Not all memory leaks in .NET applications specifically relate to objects that are rooted or being referenced by rooted objects. There are other things that might produce
the same behavior (memory increase) and we are going to talk about one of them.
What is the Finalizer Thread?
The finalizer thread is a specialized thread that the Common Language Runtime (CLR) creates in every process that is running .NET code. It is responsible to run the Finalize method (for the sake of simplicity, at this point, think of the finalize method as
some kind of a destructor) for objects that implement it.
Who needs finalization?
Objects that needs finalization are usually objects that access unmanaged resources such as files, unmanaged memory and so on. Finalization is used to make sure these resources are closed or discarded to avoid actual memory leaks.
How does finalization works?
(NOTE: please email me if I’ve got something wrong or in accurate at this stage)
Objects that implement the finalize method, upon their creation, are being placed in a finalization queue. When no one references these objects (determined when the GC runs) they are moved to a special
queue called FReachable queue (which means Finalization Reachable queue) which the finalizer thread iterates on and calls the finalize method of each of the objects there.
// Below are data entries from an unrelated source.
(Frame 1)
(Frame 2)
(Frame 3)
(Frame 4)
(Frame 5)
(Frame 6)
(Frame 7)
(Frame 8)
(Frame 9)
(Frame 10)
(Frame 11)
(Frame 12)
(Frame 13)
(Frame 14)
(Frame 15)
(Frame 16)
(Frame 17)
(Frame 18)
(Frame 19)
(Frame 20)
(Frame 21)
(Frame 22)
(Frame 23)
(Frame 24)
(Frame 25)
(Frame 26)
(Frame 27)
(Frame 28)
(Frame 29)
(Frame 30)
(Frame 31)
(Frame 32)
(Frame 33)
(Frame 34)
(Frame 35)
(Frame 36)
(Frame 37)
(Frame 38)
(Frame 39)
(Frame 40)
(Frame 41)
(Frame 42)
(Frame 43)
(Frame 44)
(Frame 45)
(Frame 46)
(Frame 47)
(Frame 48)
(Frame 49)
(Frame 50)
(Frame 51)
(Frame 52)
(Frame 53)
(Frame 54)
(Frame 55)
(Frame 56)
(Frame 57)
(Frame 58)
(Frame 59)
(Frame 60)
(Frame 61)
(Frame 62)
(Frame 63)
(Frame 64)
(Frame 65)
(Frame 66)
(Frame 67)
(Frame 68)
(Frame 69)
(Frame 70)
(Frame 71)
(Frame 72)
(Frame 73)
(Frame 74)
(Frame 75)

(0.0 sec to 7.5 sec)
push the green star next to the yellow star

After the finalize method of an object is called it is read to be collected by the GC.
So how can the finalizer thread get blocked?
Finalizer thread block occurs when the finalizer thread calls to a finalize method of a certain object.
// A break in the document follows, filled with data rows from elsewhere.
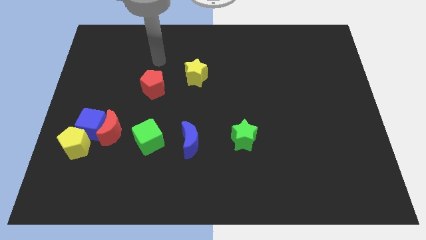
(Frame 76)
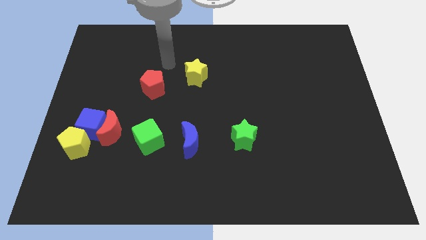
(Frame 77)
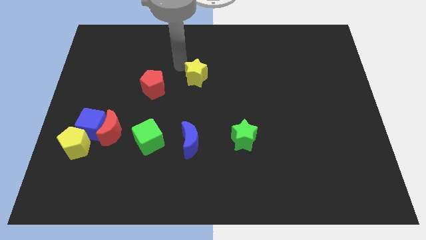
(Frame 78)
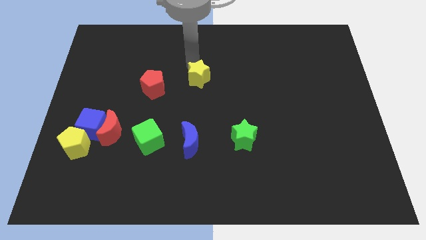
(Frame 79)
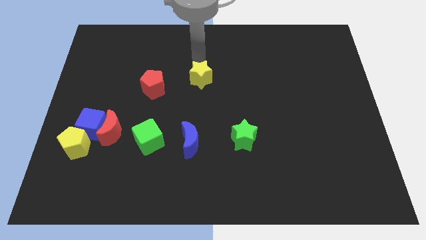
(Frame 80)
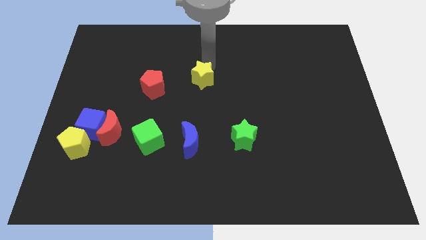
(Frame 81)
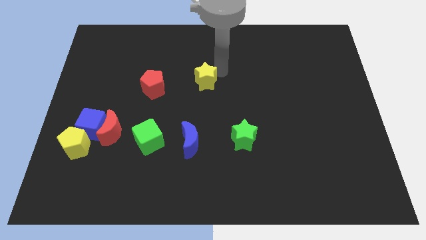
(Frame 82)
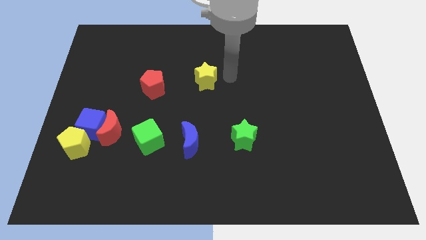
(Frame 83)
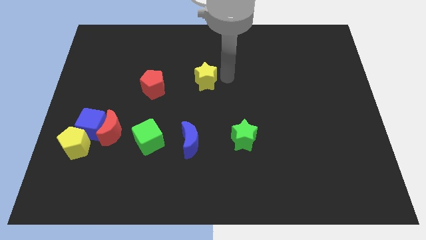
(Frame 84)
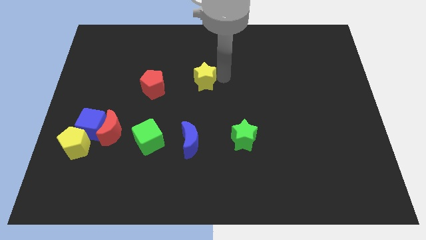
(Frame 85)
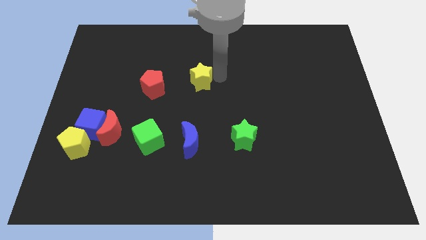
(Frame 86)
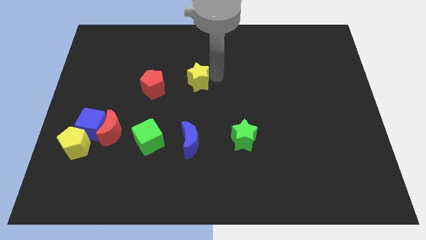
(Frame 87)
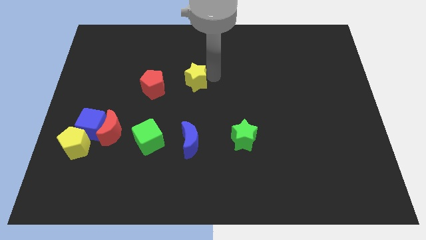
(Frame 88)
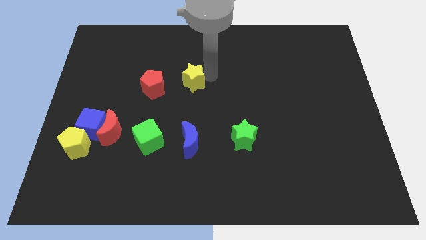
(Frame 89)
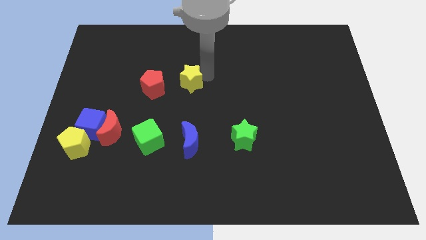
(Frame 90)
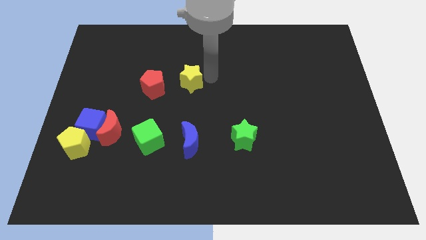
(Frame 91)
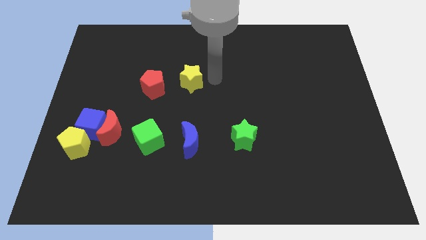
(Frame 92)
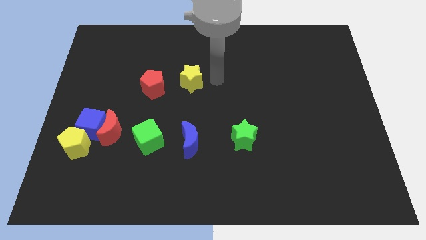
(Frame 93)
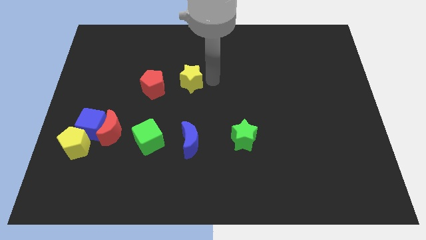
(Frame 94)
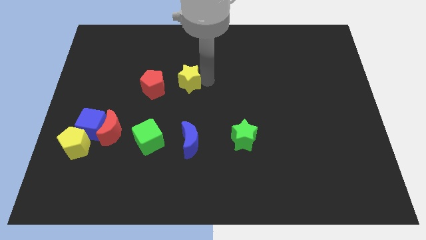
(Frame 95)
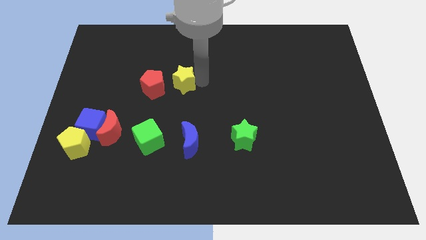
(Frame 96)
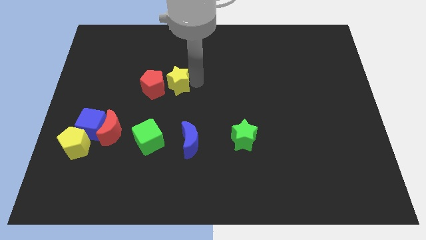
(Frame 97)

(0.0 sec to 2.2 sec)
slide the yellow star close to the red pentagon

The implementation of that finalize method is dependat on a resource (its a general term for the sake of the general definition) that is blocked.
If that resource will not be freed and available for our finalize method, the finalizer thread will be blocked and none of the objects that are in the FReachable queue will get GCed.
For example:
- The implementation of the Finalize method contains code that requires a certain lock of a synchronization object (Critical Section, Mutex, Semaphore, etc) and that synchronization object is already blocked and is not getting freed (see previous post on Identifying Deadlocks in Managed Code for help on resolving this issue).
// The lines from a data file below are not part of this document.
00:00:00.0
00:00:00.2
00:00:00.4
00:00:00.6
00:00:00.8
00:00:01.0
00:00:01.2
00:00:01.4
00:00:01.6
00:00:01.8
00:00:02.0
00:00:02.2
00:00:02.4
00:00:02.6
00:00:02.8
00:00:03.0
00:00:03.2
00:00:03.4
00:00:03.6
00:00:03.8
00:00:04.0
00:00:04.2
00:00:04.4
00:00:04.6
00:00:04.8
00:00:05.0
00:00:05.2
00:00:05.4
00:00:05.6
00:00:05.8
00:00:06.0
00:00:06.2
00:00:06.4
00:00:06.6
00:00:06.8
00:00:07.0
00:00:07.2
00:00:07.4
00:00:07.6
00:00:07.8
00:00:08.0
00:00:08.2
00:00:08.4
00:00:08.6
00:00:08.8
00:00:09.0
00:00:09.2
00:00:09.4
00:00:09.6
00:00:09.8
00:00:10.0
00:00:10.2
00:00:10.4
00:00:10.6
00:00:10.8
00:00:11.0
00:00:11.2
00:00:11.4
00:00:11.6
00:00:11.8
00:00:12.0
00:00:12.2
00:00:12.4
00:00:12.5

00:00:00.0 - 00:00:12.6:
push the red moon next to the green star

- The object that is being finalized is an Single Threaded Apratment (STA) COM object. Since STA COM objects have thread affinity, in order to call the destructor of that COM object we have to switch to the STA thread that created that object. If, for some reason, that thread is blocked, the finalizer thread will also get blocked due to that.
Symptoms of a blocked Finalizer thread
- Memory is increasing
- Possbile deadlock in the system (depends on a lot of factors, but it can happen)
How can we tell our Finalizer thread is blocked?
The technique for finding if the finalizer thread is blocked is quite easy and involves a few easy steps.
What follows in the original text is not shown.